### TASK OBJECTIVE
Here is a block of records. Copy every line in it that includes "grape".

### DATA PROVIDED
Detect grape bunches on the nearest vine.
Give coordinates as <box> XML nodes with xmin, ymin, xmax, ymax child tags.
...
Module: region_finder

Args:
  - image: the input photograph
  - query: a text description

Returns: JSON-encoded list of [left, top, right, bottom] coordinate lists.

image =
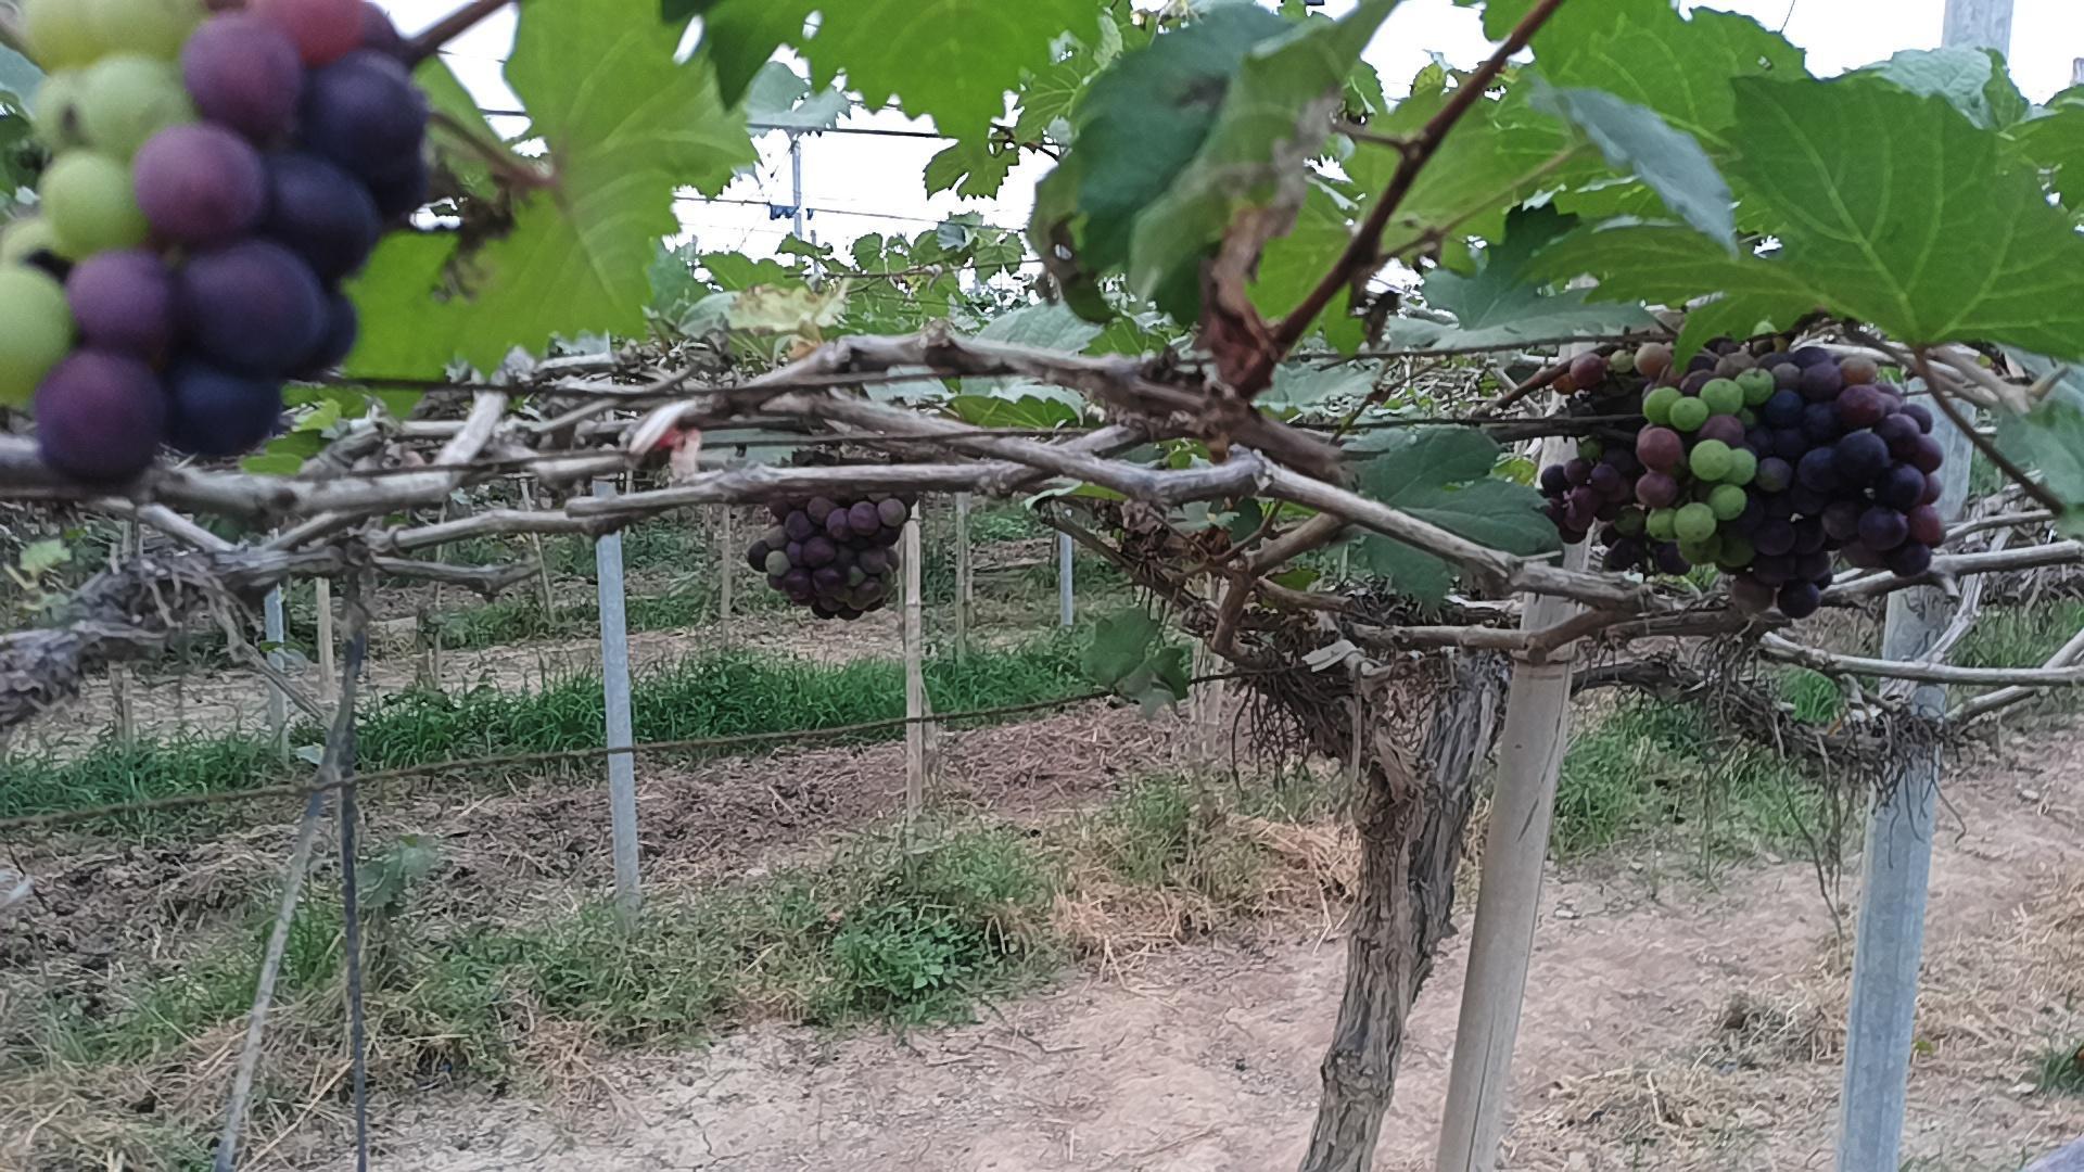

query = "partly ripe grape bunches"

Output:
* * *
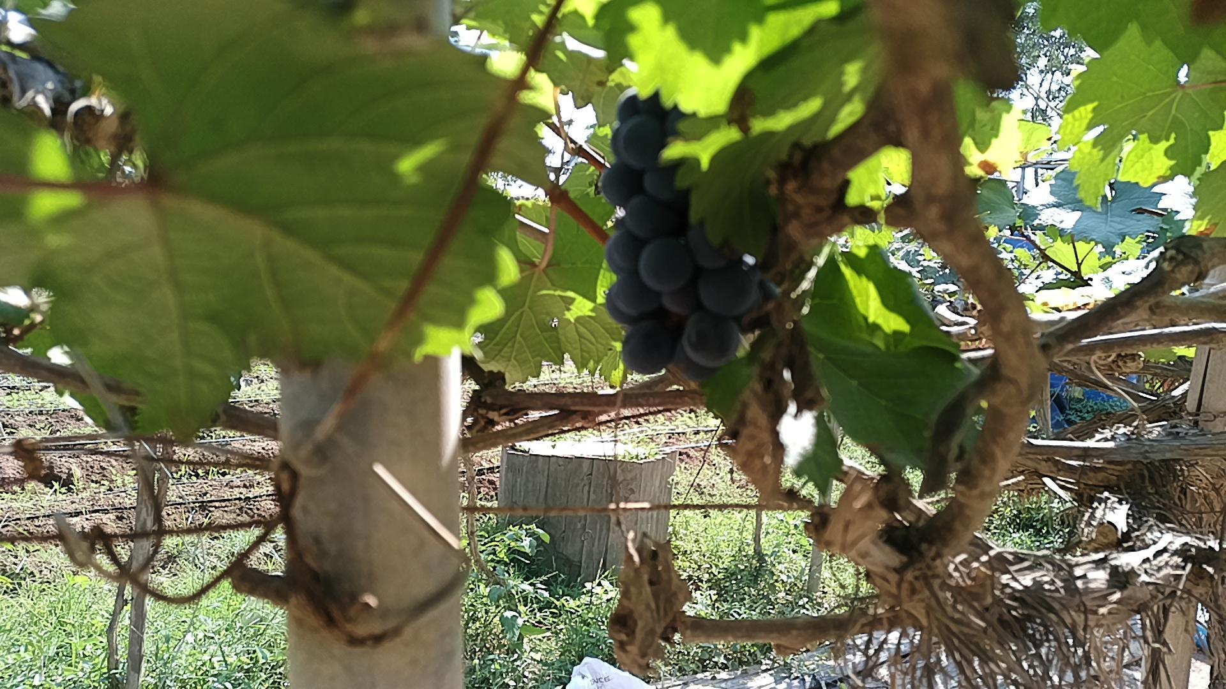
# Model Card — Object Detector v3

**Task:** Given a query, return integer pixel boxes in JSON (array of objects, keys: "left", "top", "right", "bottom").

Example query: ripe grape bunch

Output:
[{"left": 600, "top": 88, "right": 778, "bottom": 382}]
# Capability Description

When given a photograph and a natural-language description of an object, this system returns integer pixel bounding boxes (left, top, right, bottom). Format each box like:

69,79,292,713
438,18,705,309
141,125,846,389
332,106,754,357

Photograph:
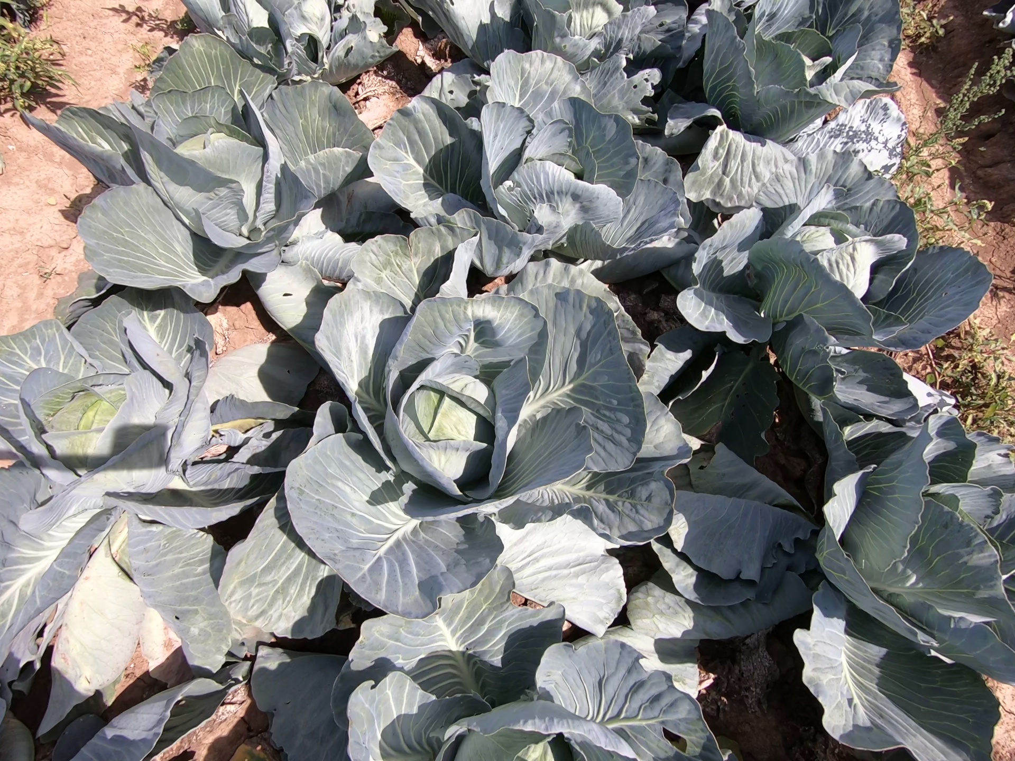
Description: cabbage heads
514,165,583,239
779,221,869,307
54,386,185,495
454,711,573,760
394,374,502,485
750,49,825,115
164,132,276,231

### RESPONSE TO THE TASK
Detect grape bunches on the nearest vine.
query = "partly ripe grape bunches"
Example query: ripe grape bunch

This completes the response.